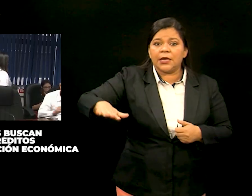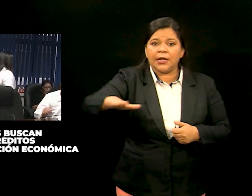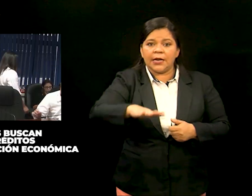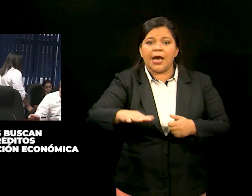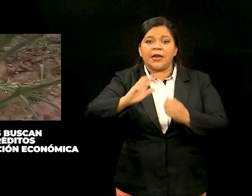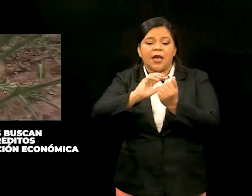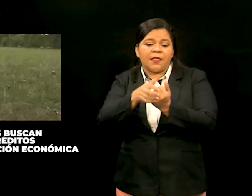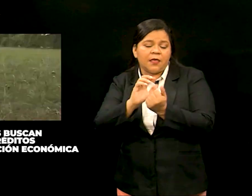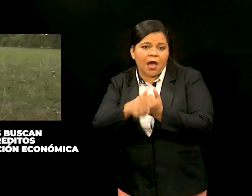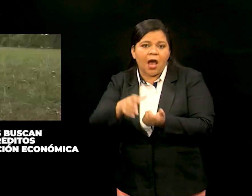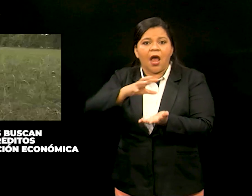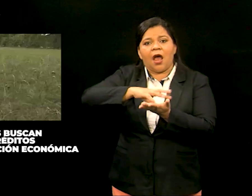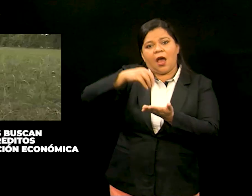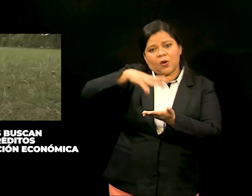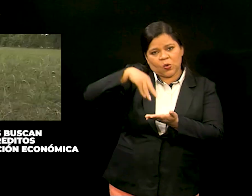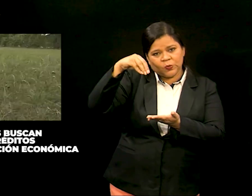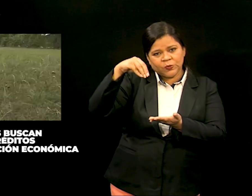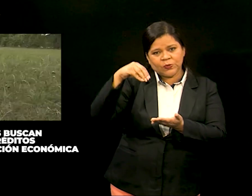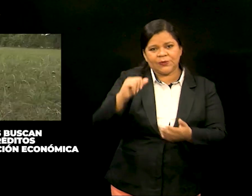cerealeros y arroz.
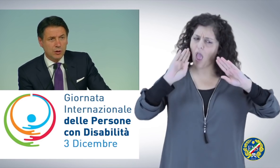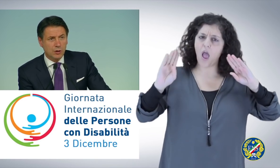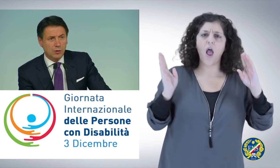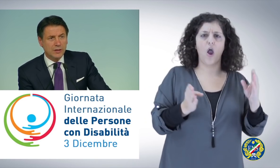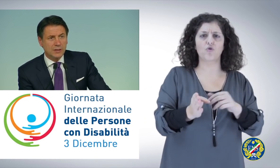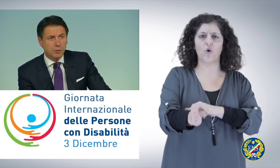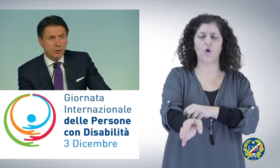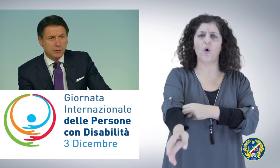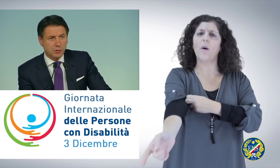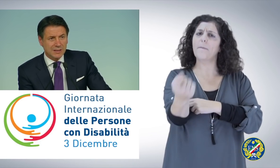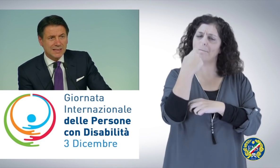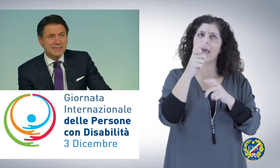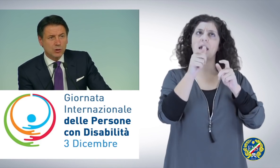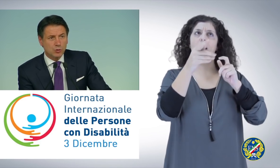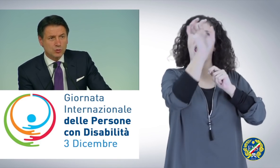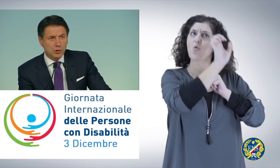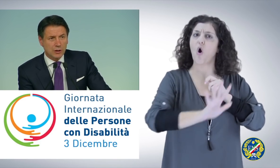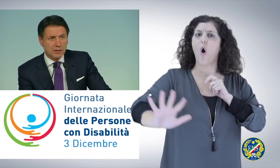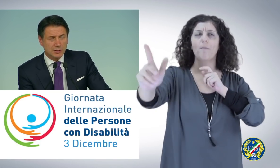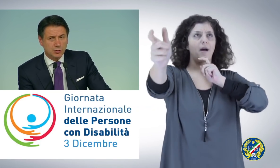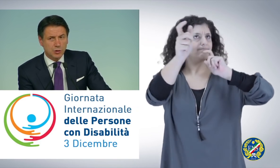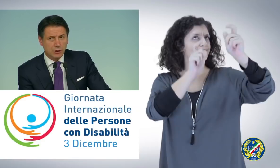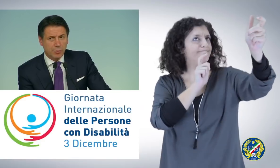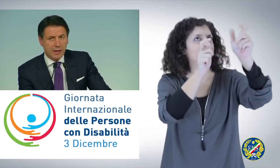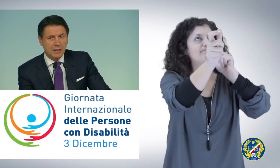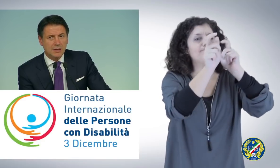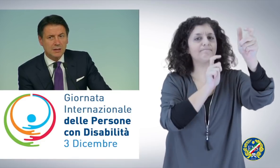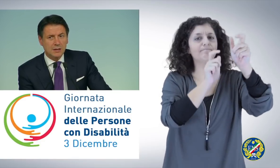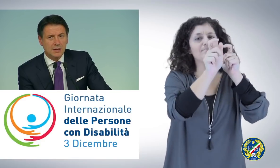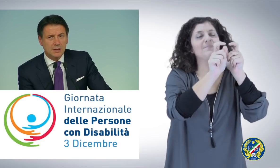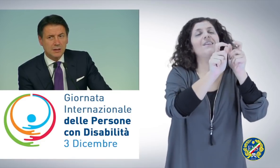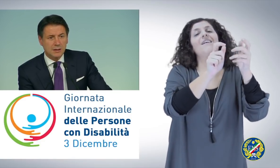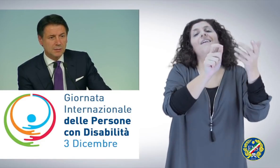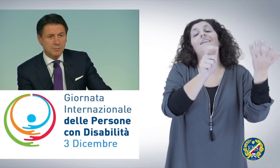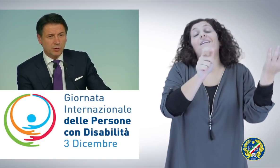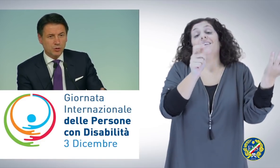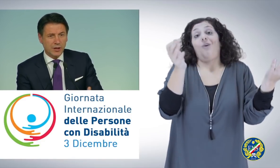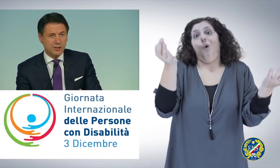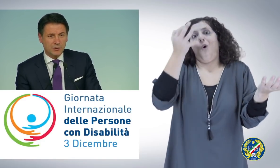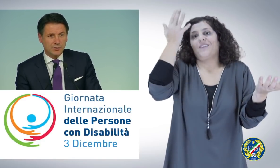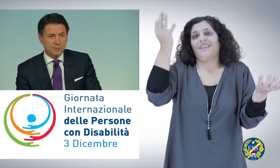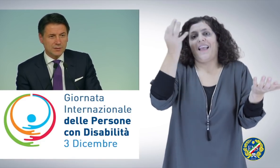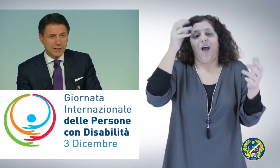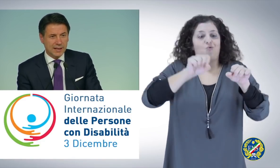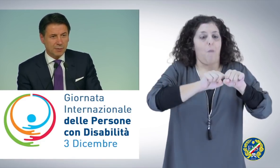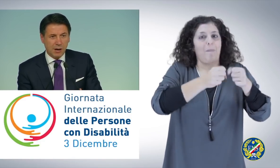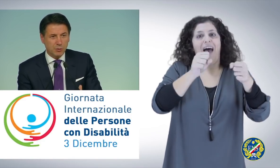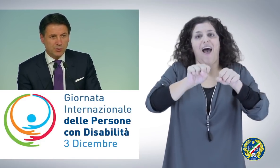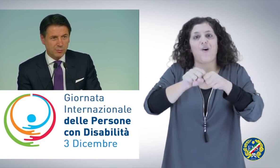per quanto riguarda l'interlocuzione con le istituzioni europee mi concedo delle pause
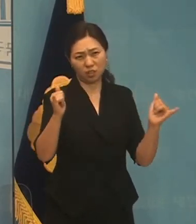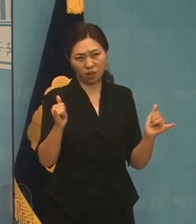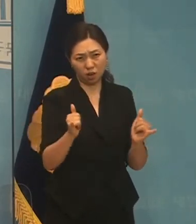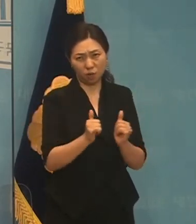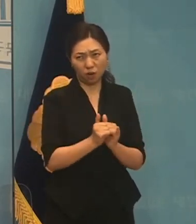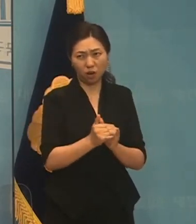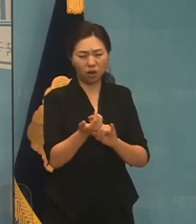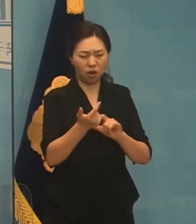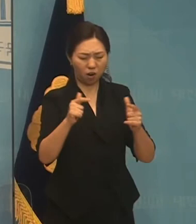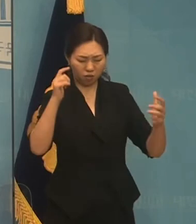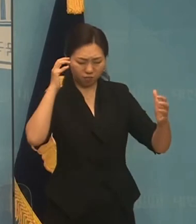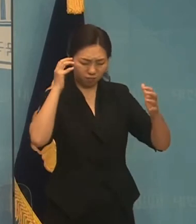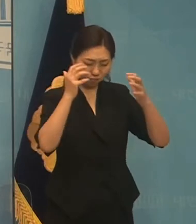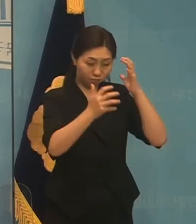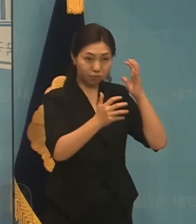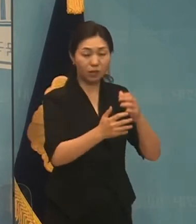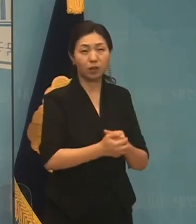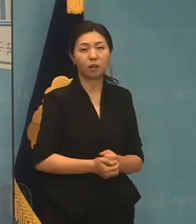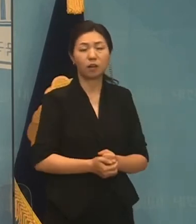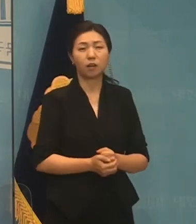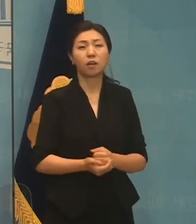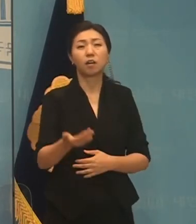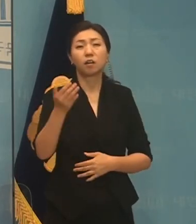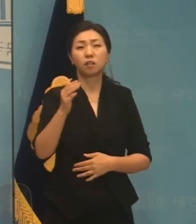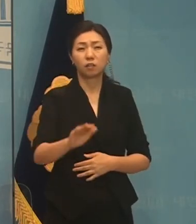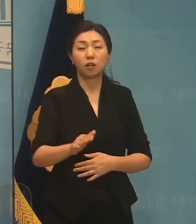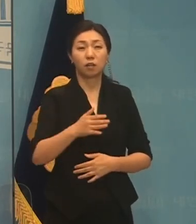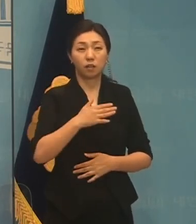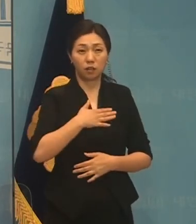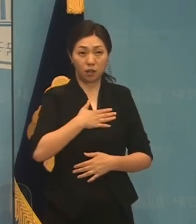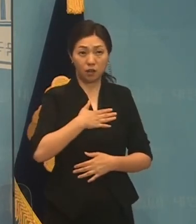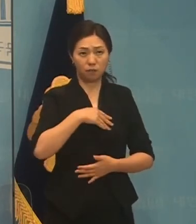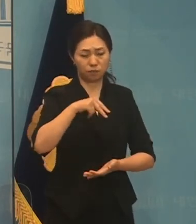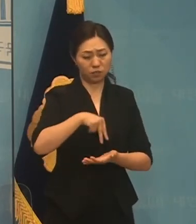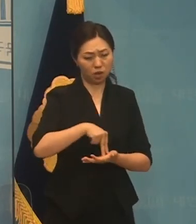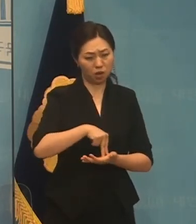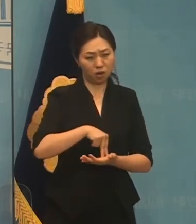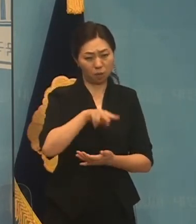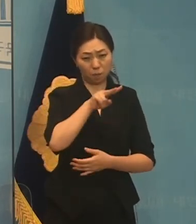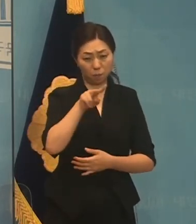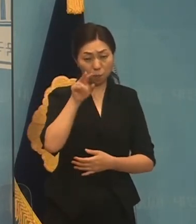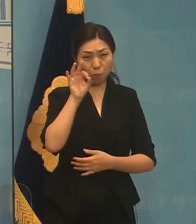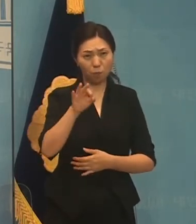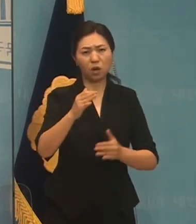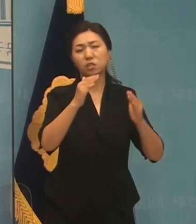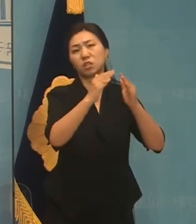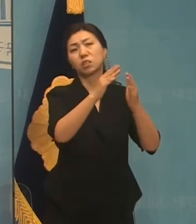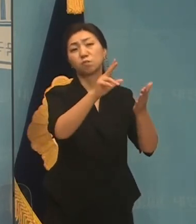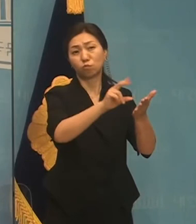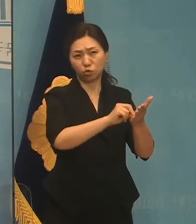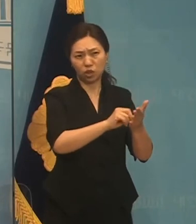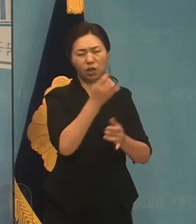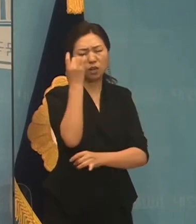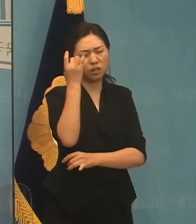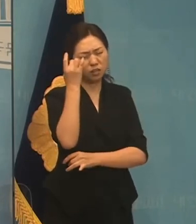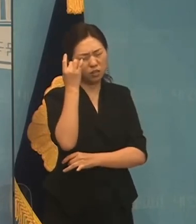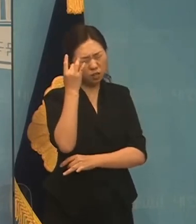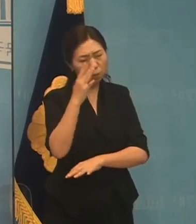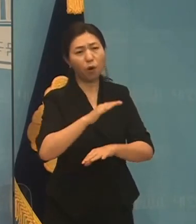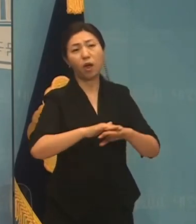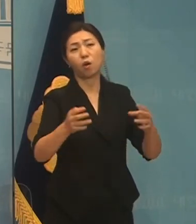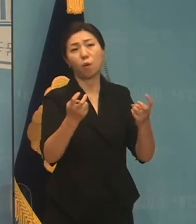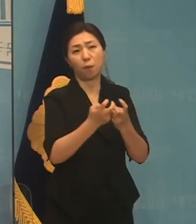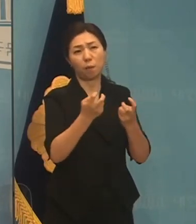발소란에 빠져 있습니다. 그러나 제가 보기로는 그 누구도 주택문제의 근본적인 해법을

## EXERCISE OBJECTIVE
Starting from the line that has "per quanto riguarda" and ending at the last line of the material above, every line should be output exactly; pictures are dropped and nothing else appears.

## OUTPUT FOR THIS EXERCISE
per quanto riguarda l'interlocuzione con le istituzioni europee mi concedo delle pause
발소란에 빠져 있습니다. 그러나 제가 보기로는 그 누구도 주택문제의 근본적인 해법을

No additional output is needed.